YOUR OBJECTIVE – Return only the lines of the listing below that run from the line with "#1385=DIRECTION('center_axis',(0.,-1.,0.));" through the line with "#3414=CARTESIAN_POINT('Origin',(0.,-15.748,0.));", both ends included, exactly as written.

MATERIALS PROVIDED –
-----
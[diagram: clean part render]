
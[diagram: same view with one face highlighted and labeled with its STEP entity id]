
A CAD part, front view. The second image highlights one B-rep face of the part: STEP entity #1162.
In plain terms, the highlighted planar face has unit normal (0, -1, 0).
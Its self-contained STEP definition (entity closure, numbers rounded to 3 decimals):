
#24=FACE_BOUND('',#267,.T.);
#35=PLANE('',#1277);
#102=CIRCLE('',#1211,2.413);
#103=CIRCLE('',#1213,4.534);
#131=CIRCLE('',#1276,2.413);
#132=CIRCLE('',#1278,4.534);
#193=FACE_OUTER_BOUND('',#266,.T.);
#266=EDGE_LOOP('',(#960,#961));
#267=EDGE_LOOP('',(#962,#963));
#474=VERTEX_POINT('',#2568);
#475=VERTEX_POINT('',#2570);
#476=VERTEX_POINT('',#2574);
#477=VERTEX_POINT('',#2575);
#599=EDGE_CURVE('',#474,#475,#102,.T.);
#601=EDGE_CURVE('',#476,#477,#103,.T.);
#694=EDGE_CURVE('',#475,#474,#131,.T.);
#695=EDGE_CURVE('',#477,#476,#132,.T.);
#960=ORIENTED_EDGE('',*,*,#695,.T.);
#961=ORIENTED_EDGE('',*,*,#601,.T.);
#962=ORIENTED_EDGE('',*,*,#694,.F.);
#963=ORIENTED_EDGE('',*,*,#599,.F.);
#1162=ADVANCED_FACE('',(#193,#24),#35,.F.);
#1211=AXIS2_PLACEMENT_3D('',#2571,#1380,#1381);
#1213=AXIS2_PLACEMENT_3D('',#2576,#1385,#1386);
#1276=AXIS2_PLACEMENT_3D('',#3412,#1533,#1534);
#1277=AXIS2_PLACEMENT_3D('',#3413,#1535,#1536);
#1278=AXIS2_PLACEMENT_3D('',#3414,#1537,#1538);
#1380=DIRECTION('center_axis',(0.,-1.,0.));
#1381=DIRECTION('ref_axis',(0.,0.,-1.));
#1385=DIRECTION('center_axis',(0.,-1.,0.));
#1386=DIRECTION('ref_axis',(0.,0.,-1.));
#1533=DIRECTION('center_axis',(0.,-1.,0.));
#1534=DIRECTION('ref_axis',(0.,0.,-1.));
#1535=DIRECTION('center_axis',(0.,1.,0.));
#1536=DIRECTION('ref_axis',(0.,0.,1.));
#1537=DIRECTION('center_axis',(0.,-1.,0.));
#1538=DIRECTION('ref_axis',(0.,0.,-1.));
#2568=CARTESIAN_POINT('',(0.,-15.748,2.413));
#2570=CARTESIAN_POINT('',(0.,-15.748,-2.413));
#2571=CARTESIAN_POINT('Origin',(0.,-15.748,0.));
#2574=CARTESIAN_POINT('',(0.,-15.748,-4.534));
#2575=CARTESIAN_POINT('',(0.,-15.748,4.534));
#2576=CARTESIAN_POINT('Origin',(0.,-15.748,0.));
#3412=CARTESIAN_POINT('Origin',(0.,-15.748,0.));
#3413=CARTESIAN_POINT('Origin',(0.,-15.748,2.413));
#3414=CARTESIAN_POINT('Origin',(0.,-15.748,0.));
-----
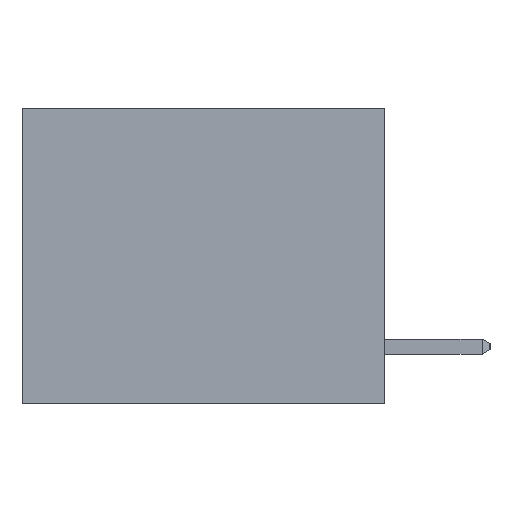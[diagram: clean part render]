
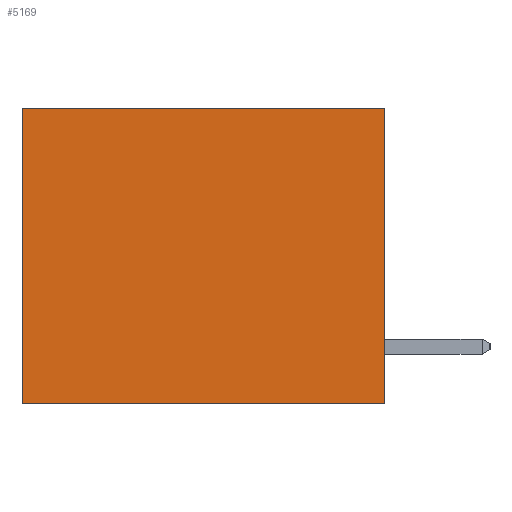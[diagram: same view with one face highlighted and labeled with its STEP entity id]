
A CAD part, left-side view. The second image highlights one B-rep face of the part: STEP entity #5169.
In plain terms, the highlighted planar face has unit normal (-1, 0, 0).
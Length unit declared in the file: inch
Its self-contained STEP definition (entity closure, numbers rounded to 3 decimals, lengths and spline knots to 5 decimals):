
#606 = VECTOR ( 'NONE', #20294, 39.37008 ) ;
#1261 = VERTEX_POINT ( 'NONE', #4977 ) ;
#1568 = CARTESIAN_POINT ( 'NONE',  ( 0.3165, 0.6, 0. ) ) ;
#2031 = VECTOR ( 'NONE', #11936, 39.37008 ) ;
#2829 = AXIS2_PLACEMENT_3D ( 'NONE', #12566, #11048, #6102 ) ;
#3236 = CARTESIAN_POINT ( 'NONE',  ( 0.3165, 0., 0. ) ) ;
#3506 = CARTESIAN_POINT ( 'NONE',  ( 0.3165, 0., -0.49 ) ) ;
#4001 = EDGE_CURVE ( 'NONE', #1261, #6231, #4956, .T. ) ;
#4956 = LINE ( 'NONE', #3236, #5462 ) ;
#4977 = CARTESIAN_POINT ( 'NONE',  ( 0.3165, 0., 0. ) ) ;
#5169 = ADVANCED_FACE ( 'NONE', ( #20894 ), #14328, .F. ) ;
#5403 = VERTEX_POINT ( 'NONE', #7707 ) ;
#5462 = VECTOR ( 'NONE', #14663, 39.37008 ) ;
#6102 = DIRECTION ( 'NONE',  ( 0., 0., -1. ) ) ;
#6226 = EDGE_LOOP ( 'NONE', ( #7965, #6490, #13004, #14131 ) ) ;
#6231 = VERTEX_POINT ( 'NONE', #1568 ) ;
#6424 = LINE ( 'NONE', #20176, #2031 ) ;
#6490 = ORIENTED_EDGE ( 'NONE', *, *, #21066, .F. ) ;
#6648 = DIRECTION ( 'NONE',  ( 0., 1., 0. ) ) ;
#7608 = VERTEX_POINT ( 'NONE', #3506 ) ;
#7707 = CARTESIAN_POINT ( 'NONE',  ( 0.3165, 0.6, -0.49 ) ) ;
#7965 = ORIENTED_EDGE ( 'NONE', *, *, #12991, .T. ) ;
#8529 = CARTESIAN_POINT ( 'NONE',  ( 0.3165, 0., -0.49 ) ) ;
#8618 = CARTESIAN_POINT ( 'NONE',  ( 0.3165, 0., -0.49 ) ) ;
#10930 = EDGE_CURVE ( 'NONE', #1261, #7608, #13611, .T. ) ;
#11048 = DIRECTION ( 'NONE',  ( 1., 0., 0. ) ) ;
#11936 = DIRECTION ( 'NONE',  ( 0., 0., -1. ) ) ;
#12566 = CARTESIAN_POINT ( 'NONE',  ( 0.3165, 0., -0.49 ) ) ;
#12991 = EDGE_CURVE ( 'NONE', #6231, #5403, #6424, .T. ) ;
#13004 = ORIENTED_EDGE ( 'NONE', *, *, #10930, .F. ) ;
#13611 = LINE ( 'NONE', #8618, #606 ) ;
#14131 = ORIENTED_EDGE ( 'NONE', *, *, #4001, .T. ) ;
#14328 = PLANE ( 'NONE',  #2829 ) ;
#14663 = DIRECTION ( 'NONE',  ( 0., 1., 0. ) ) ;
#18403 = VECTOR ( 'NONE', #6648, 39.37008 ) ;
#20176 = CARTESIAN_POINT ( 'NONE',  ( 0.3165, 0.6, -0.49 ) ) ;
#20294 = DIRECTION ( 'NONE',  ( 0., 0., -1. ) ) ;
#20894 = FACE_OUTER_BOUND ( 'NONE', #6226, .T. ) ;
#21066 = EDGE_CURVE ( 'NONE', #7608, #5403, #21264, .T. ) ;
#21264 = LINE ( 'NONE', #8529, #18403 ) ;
-----
TASK RESPONSE –
#1385=DIRECTION('center_axis',(0.,-1.,0.));
#1386=DIRECTION('ref_axis',(0.,0.,-1.));
#1533=DIRECTION('center_axis',(0.,-1.,0.));
#1534=DIRECTION('ref_axis',(0.,0.,-1.));
#1535=DIRECTION('center_axis',(0.,1.,0.));
#1536=DIRECTION('ref_axis',(0.,0.,1.));
#1537=DIRECTION('center_axis',(0.,-1.,0.));
#1538=DIRECTION('ref_axis',(0.,0.,-1.));
#2568=CARTESIAN_POINT('',(0.,-15.748,2.413));
#2570=CARTESIAN_POINT('',(0.,-15.748,-2.413));
#2571=CARTESIAN_POINT('Origin',(0.,-15.748,0.));
#2574=CARTESIAN_POINT('',(0.,-15.748,-4.534));
#2575=CARTESIAN_POINT('',(0.,-15.748,4.534));
#2576=CARTESIAN_POINT('Origin',(0.,-15.748,0.));
#3412=CARTESIAN_POINT('Origin',(0.,-15.748,0.));
#3413=CARTESIAN_POINT('Origin',(0.,-15.748,2.413));
#3414=CARTESIAN_POINT('Origin',(0.,-15.748,0.));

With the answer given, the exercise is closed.